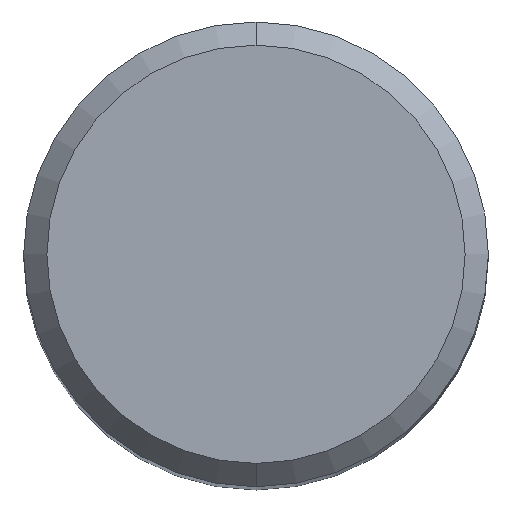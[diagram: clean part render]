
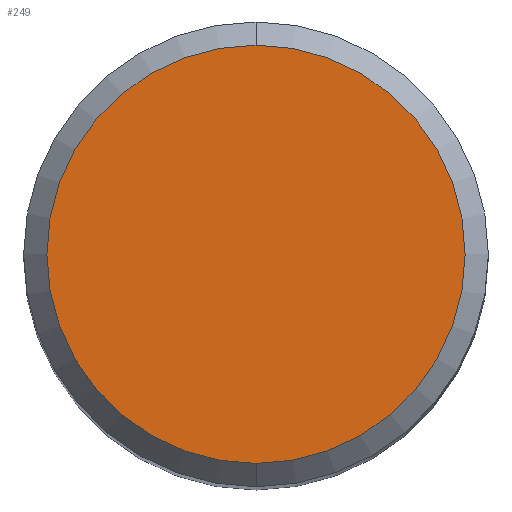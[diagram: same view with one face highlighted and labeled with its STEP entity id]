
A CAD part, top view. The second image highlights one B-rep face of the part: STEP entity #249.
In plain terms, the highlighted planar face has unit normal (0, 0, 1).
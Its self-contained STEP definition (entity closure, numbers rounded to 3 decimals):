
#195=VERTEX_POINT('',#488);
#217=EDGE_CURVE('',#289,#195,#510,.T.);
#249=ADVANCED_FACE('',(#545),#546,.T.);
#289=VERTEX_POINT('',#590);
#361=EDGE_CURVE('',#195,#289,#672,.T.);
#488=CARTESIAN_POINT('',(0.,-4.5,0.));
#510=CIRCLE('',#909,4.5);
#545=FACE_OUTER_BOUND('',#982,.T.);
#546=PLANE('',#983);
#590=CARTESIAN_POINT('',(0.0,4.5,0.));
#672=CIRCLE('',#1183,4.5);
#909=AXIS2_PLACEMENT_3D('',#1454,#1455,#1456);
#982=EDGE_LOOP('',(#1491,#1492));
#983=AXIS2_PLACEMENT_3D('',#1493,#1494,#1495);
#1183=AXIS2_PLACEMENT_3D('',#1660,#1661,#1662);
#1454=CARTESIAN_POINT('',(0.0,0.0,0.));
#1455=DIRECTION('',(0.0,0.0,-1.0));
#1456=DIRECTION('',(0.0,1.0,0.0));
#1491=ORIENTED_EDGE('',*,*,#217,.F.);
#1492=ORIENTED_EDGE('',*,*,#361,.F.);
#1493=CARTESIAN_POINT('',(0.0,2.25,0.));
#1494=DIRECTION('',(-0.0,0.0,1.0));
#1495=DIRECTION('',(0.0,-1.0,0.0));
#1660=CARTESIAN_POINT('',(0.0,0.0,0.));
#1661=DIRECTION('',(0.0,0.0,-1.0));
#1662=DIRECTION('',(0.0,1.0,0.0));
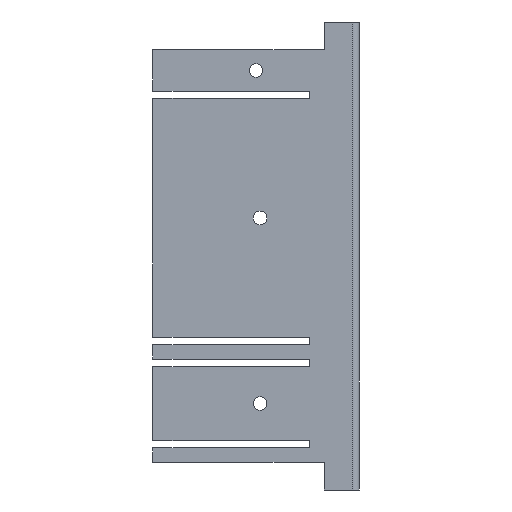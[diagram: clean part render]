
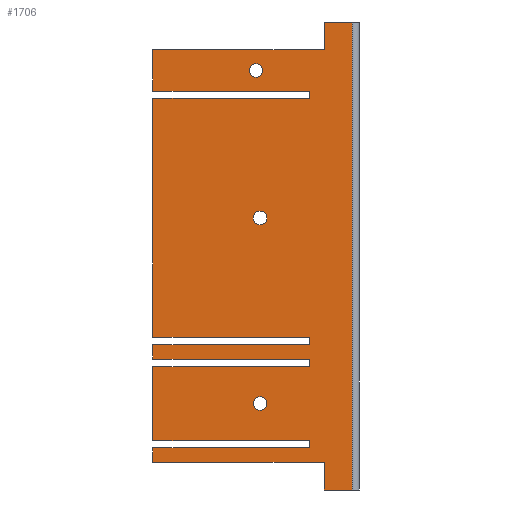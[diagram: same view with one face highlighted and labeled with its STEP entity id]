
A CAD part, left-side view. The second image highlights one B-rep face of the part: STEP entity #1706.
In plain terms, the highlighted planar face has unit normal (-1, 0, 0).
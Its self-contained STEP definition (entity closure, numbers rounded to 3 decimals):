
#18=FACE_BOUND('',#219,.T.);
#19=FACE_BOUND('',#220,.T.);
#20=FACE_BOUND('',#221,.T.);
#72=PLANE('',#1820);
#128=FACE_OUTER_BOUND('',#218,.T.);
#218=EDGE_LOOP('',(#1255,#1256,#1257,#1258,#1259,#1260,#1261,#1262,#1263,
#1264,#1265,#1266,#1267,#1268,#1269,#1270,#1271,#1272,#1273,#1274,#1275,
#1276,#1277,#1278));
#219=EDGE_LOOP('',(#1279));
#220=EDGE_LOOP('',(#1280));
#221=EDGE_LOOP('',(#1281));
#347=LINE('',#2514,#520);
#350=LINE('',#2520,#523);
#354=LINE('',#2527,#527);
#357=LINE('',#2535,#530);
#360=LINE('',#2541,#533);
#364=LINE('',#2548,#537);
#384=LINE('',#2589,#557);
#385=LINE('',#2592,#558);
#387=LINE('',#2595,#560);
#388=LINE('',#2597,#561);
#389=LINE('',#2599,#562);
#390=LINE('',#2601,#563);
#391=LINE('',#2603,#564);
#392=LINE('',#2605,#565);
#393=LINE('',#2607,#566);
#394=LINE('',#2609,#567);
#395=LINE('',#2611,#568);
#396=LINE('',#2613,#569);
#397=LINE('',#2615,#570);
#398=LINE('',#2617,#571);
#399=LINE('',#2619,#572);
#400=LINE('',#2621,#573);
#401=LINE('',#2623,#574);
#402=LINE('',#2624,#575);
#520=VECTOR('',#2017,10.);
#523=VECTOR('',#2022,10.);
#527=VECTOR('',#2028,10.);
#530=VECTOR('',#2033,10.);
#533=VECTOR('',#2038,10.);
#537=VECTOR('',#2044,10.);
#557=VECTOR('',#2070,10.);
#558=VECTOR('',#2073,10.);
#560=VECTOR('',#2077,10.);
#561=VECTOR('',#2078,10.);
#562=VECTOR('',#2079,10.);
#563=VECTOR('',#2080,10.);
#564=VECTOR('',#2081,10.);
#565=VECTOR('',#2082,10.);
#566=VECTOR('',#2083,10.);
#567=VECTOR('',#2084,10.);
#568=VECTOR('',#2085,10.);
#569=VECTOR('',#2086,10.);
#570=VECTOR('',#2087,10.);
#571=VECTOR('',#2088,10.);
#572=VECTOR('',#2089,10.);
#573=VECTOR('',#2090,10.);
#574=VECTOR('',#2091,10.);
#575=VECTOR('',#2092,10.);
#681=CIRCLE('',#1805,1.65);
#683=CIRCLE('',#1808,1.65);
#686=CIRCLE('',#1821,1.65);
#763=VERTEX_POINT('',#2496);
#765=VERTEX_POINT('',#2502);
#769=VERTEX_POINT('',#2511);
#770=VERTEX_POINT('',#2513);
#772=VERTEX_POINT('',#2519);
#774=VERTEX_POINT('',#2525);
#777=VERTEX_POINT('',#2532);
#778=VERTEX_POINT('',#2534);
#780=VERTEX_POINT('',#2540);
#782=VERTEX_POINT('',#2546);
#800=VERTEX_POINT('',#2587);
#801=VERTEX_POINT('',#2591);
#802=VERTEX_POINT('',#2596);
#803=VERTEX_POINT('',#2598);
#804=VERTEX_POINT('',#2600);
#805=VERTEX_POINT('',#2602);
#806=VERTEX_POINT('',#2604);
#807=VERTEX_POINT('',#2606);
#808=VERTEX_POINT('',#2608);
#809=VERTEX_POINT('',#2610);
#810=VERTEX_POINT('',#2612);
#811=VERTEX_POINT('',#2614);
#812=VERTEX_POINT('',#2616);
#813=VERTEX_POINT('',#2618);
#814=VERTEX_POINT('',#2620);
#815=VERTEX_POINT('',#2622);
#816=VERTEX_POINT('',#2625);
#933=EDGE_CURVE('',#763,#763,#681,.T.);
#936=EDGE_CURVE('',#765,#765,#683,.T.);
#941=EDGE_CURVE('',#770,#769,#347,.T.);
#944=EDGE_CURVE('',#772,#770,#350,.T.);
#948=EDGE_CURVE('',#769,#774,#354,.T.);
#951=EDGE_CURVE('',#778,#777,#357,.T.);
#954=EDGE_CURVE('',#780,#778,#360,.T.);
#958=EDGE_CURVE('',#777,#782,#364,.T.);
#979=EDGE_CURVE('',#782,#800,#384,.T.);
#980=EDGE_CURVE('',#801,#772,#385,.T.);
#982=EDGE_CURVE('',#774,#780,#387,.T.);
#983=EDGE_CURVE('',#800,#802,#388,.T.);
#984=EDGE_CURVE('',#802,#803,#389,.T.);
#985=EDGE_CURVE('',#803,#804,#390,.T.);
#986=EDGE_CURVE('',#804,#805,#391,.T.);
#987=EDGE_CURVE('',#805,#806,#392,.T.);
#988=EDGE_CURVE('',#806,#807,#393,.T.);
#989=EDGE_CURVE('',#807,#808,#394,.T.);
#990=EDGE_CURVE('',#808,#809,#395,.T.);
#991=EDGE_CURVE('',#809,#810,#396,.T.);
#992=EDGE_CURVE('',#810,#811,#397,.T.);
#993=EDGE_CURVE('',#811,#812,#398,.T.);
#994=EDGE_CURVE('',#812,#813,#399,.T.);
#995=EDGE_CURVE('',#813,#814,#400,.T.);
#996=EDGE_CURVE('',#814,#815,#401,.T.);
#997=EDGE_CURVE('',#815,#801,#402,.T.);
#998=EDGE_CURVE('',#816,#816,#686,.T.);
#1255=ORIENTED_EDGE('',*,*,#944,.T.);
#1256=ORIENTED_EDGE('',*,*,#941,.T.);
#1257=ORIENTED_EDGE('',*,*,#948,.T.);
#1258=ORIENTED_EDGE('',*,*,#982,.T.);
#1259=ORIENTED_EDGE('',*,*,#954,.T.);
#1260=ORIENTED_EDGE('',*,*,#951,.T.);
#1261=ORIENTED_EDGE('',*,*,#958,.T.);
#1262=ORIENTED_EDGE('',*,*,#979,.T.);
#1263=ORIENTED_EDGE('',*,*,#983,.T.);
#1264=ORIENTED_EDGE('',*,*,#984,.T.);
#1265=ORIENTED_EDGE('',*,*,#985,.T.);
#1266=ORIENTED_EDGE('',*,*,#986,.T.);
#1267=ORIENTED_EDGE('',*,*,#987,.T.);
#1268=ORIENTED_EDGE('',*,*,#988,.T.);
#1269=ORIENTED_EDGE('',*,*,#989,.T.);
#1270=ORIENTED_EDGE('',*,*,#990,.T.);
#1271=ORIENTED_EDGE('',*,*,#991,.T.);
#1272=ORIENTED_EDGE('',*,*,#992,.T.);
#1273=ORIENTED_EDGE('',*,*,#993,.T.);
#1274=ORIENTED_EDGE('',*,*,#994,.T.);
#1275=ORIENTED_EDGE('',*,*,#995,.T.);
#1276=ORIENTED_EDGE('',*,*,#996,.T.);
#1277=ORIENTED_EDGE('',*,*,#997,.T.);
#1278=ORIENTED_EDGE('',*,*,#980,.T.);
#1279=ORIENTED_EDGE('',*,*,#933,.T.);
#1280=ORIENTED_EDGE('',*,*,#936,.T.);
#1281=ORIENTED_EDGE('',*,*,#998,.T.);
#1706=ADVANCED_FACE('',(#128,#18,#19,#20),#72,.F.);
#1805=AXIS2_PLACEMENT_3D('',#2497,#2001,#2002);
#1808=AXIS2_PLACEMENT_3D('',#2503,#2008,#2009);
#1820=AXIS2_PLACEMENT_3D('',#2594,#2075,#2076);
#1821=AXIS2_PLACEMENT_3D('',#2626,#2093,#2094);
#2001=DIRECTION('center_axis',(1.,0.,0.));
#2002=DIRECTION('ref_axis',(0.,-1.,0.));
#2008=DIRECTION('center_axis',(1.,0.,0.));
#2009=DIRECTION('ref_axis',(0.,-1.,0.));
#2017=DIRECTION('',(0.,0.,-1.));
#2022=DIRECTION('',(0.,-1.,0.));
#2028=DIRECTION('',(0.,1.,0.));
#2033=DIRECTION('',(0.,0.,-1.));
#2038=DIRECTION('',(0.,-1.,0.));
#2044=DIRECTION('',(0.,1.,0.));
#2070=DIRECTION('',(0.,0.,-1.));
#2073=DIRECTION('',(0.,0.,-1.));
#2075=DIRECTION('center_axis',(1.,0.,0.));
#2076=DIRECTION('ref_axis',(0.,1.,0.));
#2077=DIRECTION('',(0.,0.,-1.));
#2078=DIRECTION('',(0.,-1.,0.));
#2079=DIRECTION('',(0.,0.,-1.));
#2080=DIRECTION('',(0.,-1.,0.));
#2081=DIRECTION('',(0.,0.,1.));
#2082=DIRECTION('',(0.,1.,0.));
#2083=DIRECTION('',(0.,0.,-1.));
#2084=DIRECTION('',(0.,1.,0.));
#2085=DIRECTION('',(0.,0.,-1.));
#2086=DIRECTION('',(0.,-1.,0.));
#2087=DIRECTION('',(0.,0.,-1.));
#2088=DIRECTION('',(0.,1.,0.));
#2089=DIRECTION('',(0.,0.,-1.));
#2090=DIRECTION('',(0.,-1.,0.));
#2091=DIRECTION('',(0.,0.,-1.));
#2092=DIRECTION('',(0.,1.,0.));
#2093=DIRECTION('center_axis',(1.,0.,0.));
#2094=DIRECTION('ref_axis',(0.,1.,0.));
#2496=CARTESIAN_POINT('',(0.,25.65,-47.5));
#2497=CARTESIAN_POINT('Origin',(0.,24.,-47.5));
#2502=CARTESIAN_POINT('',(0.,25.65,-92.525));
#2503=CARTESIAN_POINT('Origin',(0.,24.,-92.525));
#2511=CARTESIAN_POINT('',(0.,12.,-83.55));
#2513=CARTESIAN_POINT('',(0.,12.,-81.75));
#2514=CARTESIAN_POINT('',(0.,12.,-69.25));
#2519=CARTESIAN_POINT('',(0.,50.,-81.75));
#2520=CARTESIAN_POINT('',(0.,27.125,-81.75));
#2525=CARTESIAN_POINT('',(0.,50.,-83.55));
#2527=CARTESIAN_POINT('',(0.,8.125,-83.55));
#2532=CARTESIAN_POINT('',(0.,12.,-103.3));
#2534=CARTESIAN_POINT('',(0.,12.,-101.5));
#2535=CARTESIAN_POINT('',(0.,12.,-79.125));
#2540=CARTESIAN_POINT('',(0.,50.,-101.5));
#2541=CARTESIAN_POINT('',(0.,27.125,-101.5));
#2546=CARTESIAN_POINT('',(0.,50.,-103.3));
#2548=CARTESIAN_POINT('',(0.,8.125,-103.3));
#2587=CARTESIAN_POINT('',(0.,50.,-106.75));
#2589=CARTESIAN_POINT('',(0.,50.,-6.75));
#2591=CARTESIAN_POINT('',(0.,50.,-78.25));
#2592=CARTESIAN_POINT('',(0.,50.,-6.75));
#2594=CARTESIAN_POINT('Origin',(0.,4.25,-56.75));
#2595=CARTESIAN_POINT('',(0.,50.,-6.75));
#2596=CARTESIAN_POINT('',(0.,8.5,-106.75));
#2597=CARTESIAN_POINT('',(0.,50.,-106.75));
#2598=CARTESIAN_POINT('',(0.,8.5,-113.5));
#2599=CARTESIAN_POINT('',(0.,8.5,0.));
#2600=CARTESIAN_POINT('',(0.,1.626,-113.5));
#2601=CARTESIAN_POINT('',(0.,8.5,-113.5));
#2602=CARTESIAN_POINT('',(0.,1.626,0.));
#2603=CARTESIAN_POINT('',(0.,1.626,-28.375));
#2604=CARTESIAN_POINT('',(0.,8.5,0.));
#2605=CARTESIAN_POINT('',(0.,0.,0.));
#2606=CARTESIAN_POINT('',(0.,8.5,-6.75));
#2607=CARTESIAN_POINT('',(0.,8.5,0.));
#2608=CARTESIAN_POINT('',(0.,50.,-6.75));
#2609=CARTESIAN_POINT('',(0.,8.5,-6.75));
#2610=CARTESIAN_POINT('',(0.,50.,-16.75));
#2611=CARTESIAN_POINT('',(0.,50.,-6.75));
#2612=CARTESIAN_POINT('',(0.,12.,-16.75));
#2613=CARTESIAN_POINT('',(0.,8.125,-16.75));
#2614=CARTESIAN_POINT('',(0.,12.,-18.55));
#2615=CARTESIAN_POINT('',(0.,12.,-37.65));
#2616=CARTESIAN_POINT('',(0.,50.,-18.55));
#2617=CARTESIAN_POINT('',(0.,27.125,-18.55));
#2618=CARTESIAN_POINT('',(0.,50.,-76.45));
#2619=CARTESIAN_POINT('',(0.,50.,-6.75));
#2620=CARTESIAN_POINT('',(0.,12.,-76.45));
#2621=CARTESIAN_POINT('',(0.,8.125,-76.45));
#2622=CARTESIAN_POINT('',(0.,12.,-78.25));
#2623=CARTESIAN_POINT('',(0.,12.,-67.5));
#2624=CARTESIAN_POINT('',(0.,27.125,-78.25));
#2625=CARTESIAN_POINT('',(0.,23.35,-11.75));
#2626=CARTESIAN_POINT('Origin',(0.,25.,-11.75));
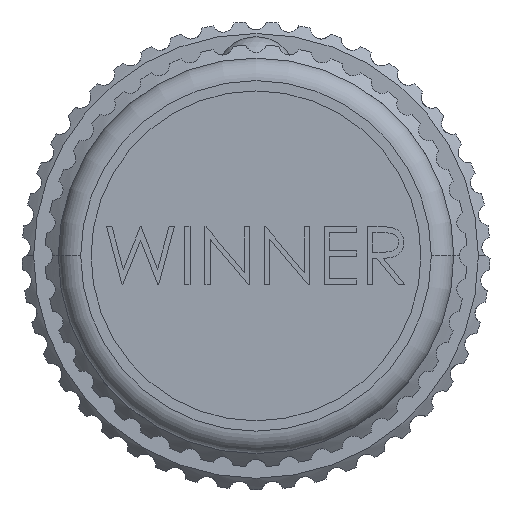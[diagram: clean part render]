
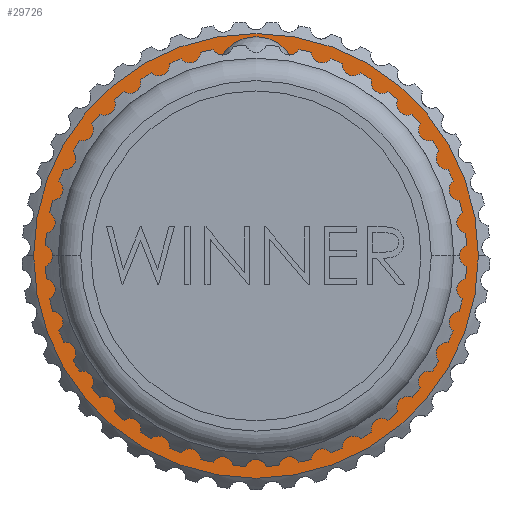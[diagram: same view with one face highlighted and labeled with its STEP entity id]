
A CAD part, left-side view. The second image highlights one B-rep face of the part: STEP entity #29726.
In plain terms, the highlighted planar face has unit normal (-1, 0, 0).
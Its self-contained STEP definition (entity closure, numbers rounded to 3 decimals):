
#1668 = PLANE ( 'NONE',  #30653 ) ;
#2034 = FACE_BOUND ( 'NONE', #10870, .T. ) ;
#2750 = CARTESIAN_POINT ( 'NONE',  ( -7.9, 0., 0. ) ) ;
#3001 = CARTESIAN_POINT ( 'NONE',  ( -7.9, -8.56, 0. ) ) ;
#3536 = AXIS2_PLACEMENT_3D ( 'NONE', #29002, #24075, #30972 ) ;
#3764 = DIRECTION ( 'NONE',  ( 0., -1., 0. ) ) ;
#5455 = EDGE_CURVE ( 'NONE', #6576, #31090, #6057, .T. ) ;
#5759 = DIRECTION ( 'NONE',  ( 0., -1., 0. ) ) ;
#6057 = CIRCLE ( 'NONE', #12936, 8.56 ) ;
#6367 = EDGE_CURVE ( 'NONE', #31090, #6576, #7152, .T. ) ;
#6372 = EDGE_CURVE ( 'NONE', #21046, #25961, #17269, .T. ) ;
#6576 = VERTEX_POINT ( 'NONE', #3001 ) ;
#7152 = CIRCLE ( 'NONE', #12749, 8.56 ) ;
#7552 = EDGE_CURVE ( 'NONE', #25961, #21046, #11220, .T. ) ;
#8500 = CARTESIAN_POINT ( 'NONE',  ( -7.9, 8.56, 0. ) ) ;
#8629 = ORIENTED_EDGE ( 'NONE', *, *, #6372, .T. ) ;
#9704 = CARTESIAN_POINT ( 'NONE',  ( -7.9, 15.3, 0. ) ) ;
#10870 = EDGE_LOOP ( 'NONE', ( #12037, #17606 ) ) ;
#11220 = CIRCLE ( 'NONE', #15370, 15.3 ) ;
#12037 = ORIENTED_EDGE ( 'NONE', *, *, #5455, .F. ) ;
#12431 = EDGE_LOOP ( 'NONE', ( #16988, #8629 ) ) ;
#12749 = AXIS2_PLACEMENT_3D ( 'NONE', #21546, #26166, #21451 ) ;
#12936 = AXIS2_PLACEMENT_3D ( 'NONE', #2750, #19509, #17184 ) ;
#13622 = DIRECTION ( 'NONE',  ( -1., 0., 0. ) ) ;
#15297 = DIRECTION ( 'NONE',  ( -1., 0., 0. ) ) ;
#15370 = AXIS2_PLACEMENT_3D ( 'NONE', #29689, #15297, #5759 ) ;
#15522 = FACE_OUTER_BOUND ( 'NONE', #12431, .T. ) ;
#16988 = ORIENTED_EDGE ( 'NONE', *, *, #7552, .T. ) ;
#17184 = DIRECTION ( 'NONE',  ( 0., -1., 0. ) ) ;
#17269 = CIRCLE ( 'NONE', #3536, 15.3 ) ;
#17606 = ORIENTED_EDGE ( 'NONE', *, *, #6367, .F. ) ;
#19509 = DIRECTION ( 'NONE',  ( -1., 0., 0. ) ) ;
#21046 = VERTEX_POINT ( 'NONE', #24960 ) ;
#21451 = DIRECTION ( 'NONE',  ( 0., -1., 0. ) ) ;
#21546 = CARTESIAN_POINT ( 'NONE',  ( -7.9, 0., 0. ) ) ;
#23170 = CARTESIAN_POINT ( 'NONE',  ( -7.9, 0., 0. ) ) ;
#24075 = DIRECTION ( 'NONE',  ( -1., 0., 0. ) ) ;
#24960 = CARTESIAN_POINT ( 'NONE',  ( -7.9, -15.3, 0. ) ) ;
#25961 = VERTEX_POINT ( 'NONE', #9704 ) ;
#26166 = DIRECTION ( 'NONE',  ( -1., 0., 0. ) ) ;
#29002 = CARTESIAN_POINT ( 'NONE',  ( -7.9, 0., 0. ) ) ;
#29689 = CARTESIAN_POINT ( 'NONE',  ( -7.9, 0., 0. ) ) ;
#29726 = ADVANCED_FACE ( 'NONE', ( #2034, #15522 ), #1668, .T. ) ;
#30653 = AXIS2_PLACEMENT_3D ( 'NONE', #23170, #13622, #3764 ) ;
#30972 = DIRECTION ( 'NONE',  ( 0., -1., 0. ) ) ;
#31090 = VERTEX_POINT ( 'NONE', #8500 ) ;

========

Your objective:
In the listing above, the lines from the one containing "#998=EDGE_CURVE('',#816,#816,#686,.T.);" through the one containing "#1279=ORIENTED_EDGE('',*,*,#933,.T.);" must be set down exactly, with no other lines.

Problem solution:
#998=EDGE_CURVE('',#816,#816,#686,.T.);
#1255=ORIENTED_EDGE('',*,*,#944,.T.);
#1256=ORIENTED_EDGE('',*,*,#941,.T.);
#1257=ORIENTED_EDGE('',*,*,#948,.T.);
#1258=ORIENTED_EDGE('',*,*,#982,.T.);
#1259=ORIENTED_EDGE('',*,*,#954,.T.);
#1260=ORIENTED_EDGE('',*,*,#951,.T.);
#1261=ORIENTED_EDGE('',*,*,#958,.T.);
#1262=ORIENTED_EDGE('',*,*,#979,.T.);
#1263=ORIENTED_EDGE('',*,*,#983,.T.);
#1264=ORIENTED_EDGE('',*,*,#984,.T.);
#1265=ORIENTED_EDGE('',*,*,#985,.T.);
#1266=ORIENTED_EDGE('',*,*,#986,.T.);
#1267=ORIENTED_EDGE('',*,*,#987,.T.);
#1268=ORIENTED_EDGE('',*,*,#988,.T.);
#1269=ORIENTED_EDGE('',*,*,#989,.T.);
#1270=ORIENTED_EDGE('',*,*,#990,.T.);
#1271=ORIENTED_EDGE('',*,*,#991,.T.);
#1272=ORIENTED_EDGE('',*,*,#992,.T.);
#1273=ORIENTED_EDGE('',*,*,#993,.T.);
#1274=ORIENTED_EDGE('',*,*,#994,.T.);
#1275=ORIENTED_EDGE('',*,*,#995,.T.);
#1276=ORIENTED_EDGE('',*,*,#996,.T.);
#1277=ORIENTED_EDGE('',*,*,#997,.T.);
#1278=ORIENTED_EDGE('',*,*,#980,.T.);
#1279=ORIENTED_EDGE('',*,*,#933,.T.);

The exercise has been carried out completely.